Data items
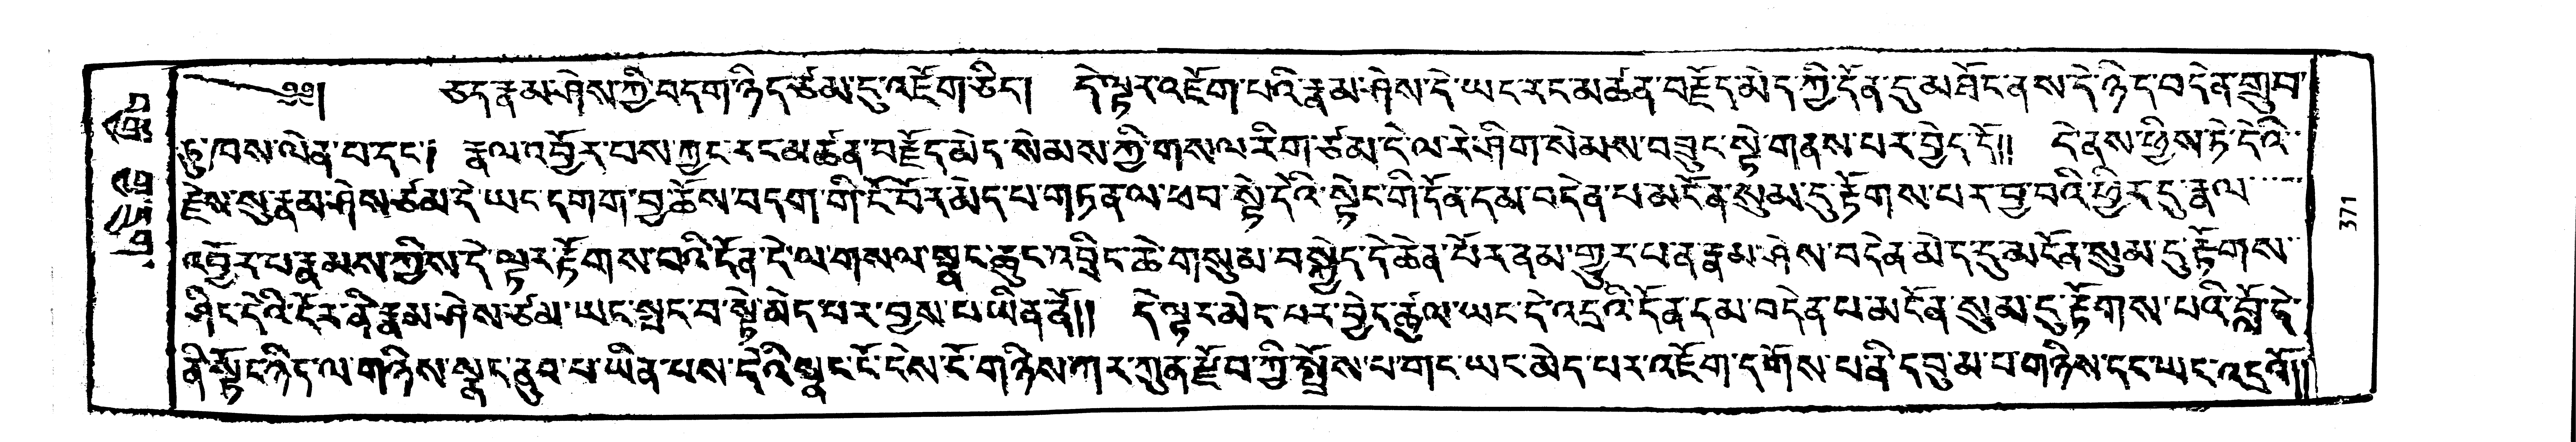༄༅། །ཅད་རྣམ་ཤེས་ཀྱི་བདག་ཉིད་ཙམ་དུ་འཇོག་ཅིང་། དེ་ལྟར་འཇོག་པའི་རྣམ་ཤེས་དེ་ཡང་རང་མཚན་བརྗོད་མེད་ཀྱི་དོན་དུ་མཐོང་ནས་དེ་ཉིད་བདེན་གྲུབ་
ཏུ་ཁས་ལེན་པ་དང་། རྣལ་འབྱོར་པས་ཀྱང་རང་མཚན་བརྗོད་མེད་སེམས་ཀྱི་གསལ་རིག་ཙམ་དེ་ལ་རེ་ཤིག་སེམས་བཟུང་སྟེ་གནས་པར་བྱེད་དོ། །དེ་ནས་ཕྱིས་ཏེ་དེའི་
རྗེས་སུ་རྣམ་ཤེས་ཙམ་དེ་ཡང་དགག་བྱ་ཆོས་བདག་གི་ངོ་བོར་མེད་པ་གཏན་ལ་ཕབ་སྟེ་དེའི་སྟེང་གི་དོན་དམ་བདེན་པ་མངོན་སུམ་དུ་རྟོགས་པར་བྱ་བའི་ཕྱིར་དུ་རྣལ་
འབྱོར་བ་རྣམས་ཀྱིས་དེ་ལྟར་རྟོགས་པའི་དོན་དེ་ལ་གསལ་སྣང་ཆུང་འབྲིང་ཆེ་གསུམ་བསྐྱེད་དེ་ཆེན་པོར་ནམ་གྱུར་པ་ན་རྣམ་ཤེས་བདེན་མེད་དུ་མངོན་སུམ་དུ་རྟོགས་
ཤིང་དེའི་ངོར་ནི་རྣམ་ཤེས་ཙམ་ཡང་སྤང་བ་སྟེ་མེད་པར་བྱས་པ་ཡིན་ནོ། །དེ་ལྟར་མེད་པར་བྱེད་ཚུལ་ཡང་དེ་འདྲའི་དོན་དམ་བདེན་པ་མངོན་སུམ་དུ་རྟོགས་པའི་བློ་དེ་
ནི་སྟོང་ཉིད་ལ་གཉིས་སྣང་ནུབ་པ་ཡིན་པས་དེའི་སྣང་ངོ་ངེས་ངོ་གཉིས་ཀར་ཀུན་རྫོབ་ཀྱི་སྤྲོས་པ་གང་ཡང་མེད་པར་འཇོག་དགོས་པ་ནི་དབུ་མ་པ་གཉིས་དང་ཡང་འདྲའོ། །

==

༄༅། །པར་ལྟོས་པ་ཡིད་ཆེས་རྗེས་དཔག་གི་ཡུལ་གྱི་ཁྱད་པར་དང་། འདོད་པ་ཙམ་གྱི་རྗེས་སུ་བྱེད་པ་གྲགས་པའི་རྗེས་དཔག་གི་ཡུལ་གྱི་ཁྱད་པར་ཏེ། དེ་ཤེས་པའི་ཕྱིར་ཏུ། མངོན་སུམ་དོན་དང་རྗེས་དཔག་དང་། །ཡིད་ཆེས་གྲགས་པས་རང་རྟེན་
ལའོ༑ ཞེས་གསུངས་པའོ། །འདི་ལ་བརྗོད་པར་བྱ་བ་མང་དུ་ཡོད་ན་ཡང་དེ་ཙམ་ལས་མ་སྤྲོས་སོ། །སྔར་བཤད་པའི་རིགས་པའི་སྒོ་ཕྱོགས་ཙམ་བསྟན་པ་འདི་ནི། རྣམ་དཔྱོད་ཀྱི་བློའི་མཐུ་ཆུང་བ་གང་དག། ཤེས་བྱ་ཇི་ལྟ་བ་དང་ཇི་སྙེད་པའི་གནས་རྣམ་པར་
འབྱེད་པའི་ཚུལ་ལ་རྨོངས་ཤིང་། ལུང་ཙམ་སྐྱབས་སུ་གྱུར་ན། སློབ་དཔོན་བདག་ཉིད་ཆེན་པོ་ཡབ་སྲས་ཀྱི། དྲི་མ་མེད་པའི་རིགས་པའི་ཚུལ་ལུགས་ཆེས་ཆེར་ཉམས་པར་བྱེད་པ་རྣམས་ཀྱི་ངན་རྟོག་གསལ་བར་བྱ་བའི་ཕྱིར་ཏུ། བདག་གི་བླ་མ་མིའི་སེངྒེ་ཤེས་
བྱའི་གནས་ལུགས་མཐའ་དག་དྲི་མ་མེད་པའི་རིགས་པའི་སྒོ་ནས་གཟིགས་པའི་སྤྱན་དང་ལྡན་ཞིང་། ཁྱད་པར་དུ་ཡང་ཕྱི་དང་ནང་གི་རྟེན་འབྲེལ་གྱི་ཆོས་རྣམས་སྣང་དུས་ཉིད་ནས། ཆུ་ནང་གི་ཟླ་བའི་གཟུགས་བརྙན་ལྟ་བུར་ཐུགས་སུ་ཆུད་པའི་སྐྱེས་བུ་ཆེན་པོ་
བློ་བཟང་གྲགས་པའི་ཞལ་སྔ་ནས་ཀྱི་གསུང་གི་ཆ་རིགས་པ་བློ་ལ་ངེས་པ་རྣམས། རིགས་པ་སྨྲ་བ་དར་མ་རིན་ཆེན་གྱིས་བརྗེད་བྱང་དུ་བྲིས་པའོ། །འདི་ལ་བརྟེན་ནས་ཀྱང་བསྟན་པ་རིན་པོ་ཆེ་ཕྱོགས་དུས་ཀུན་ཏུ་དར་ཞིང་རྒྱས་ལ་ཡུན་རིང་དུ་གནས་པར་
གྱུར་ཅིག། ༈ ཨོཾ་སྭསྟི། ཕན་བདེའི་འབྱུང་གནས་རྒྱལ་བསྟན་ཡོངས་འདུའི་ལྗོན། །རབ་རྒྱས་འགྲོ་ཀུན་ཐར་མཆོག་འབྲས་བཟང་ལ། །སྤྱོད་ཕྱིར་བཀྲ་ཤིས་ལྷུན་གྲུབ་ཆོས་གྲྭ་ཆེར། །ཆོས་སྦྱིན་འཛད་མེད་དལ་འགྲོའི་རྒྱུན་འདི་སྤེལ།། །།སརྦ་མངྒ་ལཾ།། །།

* * *

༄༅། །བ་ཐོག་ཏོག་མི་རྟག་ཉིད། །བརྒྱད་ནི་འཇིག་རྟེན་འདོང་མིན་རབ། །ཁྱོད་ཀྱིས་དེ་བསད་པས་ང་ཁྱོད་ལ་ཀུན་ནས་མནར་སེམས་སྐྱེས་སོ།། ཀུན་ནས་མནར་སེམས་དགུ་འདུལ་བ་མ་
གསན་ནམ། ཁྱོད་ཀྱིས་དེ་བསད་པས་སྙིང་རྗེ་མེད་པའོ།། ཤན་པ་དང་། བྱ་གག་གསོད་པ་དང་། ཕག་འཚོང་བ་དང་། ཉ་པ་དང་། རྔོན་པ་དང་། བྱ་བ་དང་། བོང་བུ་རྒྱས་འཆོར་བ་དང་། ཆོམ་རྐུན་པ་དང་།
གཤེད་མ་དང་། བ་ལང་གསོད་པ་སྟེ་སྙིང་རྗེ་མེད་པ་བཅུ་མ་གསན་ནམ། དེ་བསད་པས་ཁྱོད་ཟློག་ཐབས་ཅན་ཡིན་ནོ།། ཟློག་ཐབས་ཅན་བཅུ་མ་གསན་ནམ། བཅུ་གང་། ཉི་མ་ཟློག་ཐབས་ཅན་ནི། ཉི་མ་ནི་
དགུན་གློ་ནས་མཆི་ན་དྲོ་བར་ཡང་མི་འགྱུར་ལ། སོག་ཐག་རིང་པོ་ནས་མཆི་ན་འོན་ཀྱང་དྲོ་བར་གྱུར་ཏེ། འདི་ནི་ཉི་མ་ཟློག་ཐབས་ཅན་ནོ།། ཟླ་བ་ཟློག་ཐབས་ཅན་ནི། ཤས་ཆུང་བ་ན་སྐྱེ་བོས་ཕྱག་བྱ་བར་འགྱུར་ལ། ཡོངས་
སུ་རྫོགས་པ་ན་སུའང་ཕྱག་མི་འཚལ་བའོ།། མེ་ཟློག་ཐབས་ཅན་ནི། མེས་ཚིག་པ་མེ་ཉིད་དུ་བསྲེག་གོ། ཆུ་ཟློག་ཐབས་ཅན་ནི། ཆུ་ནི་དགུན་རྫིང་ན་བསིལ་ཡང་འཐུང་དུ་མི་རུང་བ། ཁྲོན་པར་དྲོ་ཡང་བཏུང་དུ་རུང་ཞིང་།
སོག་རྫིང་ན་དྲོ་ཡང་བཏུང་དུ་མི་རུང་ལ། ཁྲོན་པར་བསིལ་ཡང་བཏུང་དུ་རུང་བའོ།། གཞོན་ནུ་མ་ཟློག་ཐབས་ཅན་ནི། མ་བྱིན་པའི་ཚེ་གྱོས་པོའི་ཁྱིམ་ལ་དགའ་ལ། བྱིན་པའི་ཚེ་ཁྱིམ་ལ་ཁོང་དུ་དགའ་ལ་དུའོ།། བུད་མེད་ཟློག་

**What the task asks**
From the entries above, print the lines beginning at the one with "ཤིང་དེའི་ངོར་ན" and stopping after the one with "ནི་སྟོང་ཉིད་ལ་", exactly as written and with nothing else.

**Answer box**
ཤིང་དེའི་ངོར་ནི་རྣམ་ཤེས་ཙམ་ཡང་སྤང་བ་སྟེ་མེད་པར་བྱས་པ་ཡིན་ནོ། །དེ་ལྟར་མེད་པར་བྱེད་ཚུལ་ཡང་དེ་འདྲའི་དོན་དམ་བདེན་པ་མངོན་སུམ་དུ་རྟོགས་པའི་བློ་དེ་
ནི་སྟོང་ཉིད་ལ་གཉིས་སྣང་ནུབ་པ་ཡིན་པས་དེའི་སྣང་ངོ་ངེས་ངོ་གཉིས་ཀར་ཀུན་རྫོབ་ཀྱི་སྤྲོས་པ་གང་ཡང་མེད་པར་འཇོག་དགོས་པ་ནི་དབུ་མ་པ་གཉིས་དང་ཡང་འདྲའོ། །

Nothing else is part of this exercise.